Write out the data exactly, please, and omit the pictures.

-- Raw data --
################

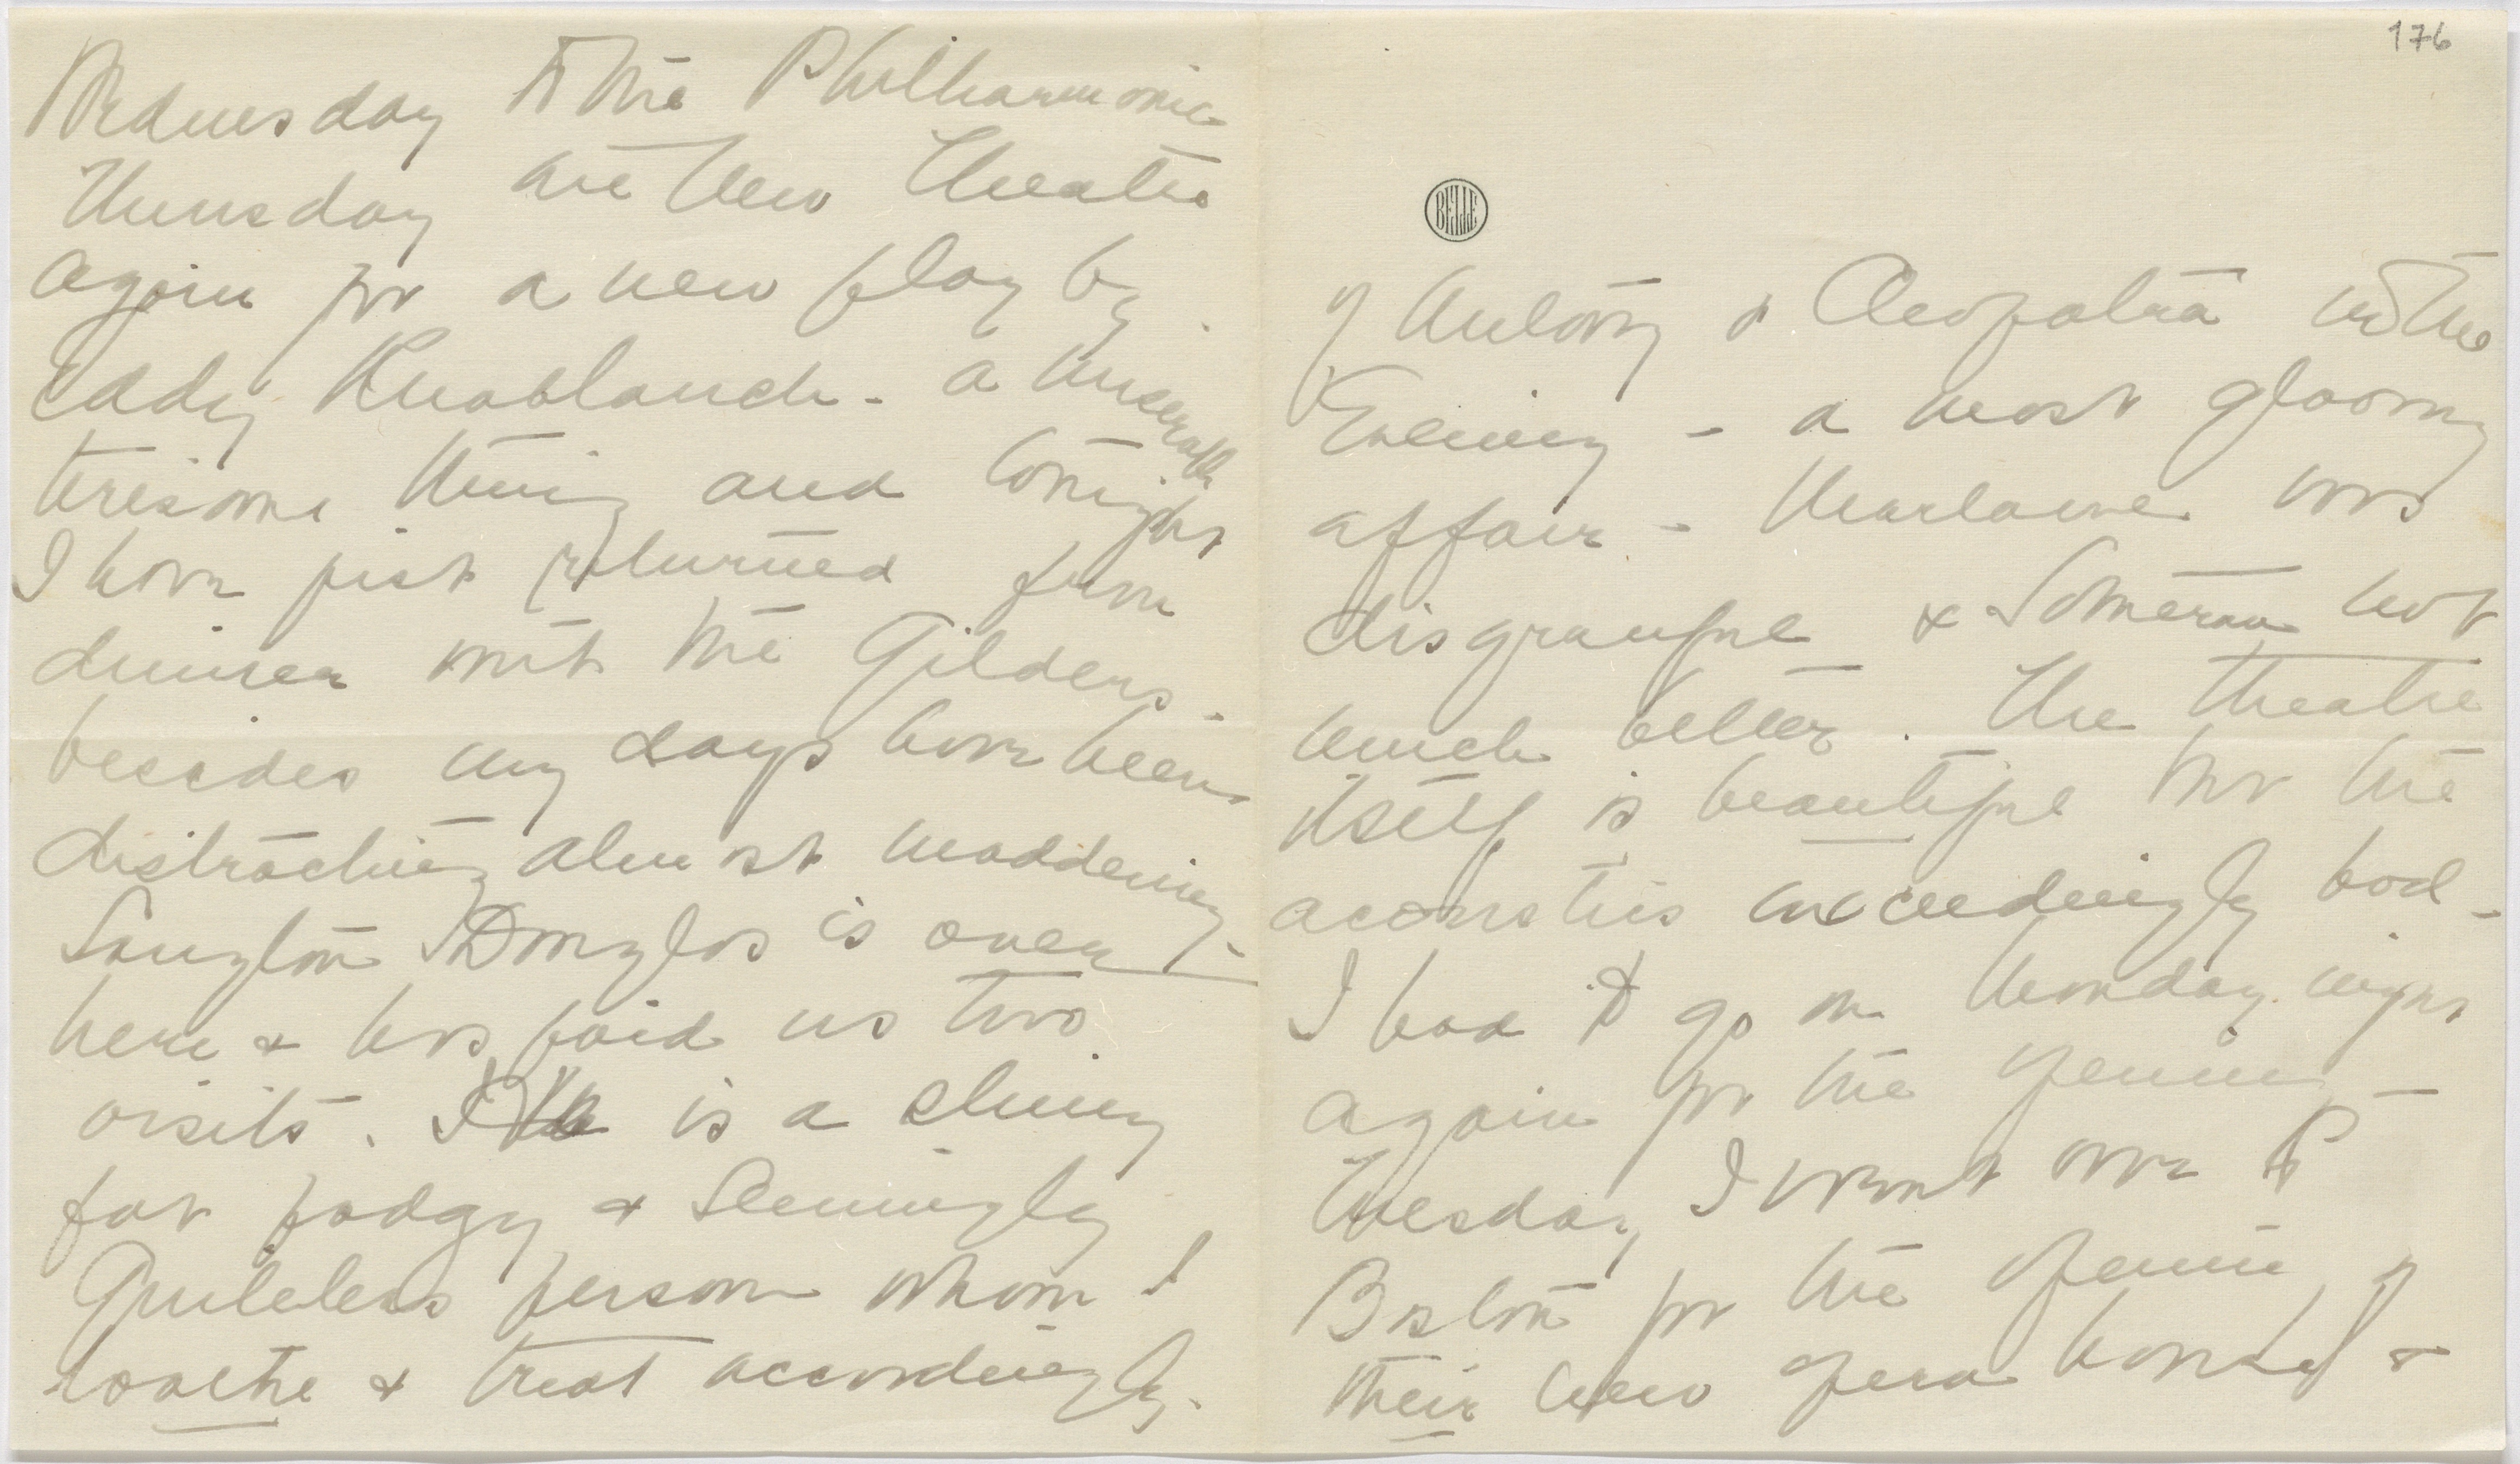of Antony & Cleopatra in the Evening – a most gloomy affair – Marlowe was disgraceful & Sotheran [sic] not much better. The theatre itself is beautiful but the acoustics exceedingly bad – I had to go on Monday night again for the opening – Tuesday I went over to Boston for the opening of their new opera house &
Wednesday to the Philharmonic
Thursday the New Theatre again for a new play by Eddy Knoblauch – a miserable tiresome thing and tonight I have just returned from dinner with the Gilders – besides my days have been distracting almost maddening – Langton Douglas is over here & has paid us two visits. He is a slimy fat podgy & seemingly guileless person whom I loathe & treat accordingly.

################

-- Task response --
of Antony & Cleopatra in the Evening – a most gloomy affair – Marlowe was disgraceful & Sotheran [sic] not much better. The theatre itself is beautiful but the acoustics exceedingly bad – I had to go on Monday night again for the opening – Tuesday I went over to Boston for the opening of their new opera house &
Wednesday to the Philharmonic
Thursday the New Theatre again for a new play by Eddy Knoblauch – a miserable tiresome thing and tonight I have just returned from dinner with the Gilders – besides my days have been distracting almost maddening – Langton Douglas is over here & has paid us two visits. He is a slimy fat podgy & seemingly guileless person whom I loathe & treat accordingly.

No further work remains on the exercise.